Improved Adversarial Diffusion Compression for Real-World Video Super-Resolution

While many diffusion models have achieved impressive results in real-world video super-resolution (Real-VSR) by generating rich and realistic details, their reliance on multi-step sampling leads to slow inference. One-step networks like SeedVR2, DOVE, and DLoRAL alleviate this through condensing generation into one single step, yet they remain heavy, with billions of parameters and multi-second latency. Recent adversarial diffusion compression (ADC) offers a promising path via pruning and distilling these models into a compact AdcSR network, but directly applying it to Real-VSR fails to balance spatial details and temporal consistency due to its lack of temporal awareness and the limitations of standard adversarial learning.
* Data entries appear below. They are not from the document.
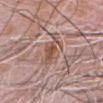{
  "biopsy_status": "not biopsied; imaged during a skin examination",
  "site": "head or neck",
  "patient": {
    "sex": "male",
    "age_approx": 80
  },
  "lesion_size": {
    "long_diameter_mm_approx": 3.5
  },
  "image": {
    "source": "total-body photography crop",
    "field_of_view_mm": 15
  },
  "automated_metrics": {
    "area_mm2_approx": 6.0,
    "eccentricity": 0.85,
    "shape_asymmetry": 0.35,
    "cielab_L": 52,
    "cielab_a": 20,
    "cielab_b": 27,
    "vs_skin_darker_L": 9.0,
    "vs_skin_contrast_norm": 7.5,
    "nevus_likeness_0_100": 0
  },
  "lighting": "white-light"
}
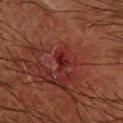Assessment: Captured during whole-body skin photography for melanoma surveillance; the lesion was not biopsied. Clinical summary: A male subject about 65 years old. The lesion is on the arm. A lesion tile, about 15 mm wide, cut from a 3D total-body photograph. This is a cross-polarized tile. The lesion's longest dimension is about 2.5 mm.
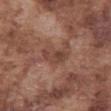Imaged during a routine full-body skin examination; the lesion was not biopsied and no histopathology is available. Cropped from a total-body skin-imaging series; the visible field is about 15 mm. The patient is a male about 75 years old. The lesion is located on the abdomen.
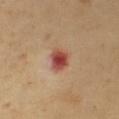The lesion was photographed on a routine skin check and not biopsied; there is no pathology result.
The patient is a male in their mid- to late 60s.
Automated image analysis of the tile measured an area of roughly 5 mm² and an eccentricity of roughly 0.55. And it measured a border-irregularity index near 1.5/10, a color-variation rating of about 5/10, and peripheral color asymmetry of about 1.5.
Captured under cross-polarized illumination.
Longest diameter approximately 2.5 mm.
Cropped from a whole-body photographic skin survey; the tile spans about 15 mm.
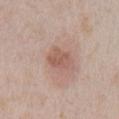– lesion size · ≈3.5 mm
– patient · female, about 60 years old
– anatomic site · the left lower leg
– acquisition · total-body-photography crop, ~15 mm field of view
– tile lighting · white-light

To address these challenges, we propose an improved **ADC** method for Real-**VSR**. Our approach distills a large diffusion Transformer (DiT) teacher DOVE equipped with 3D spatio-temporal attentions, into a pruned 2D Stable Diffusion (SD)-based AdcSR backbone, augmented with lightweight 1D temporal convolutions, achieving significantly higher efficiency. In addition, we introduce a dual-head adversarial distillation scheme, in which discriminators in both pixel and feature domains explicitly disentangle the discrimination of details and consistency into two heads, enabling both objectives to be effectively optimized without sacrificing one for the other. Experiments demonstrate that the resulting compressed **AdcVSR** model reduces complexity by **95%** in parameters and achieves an **8$\times$** acceleration over its DiT teacher DOVE, while maintaining competitive video quality and efficiency.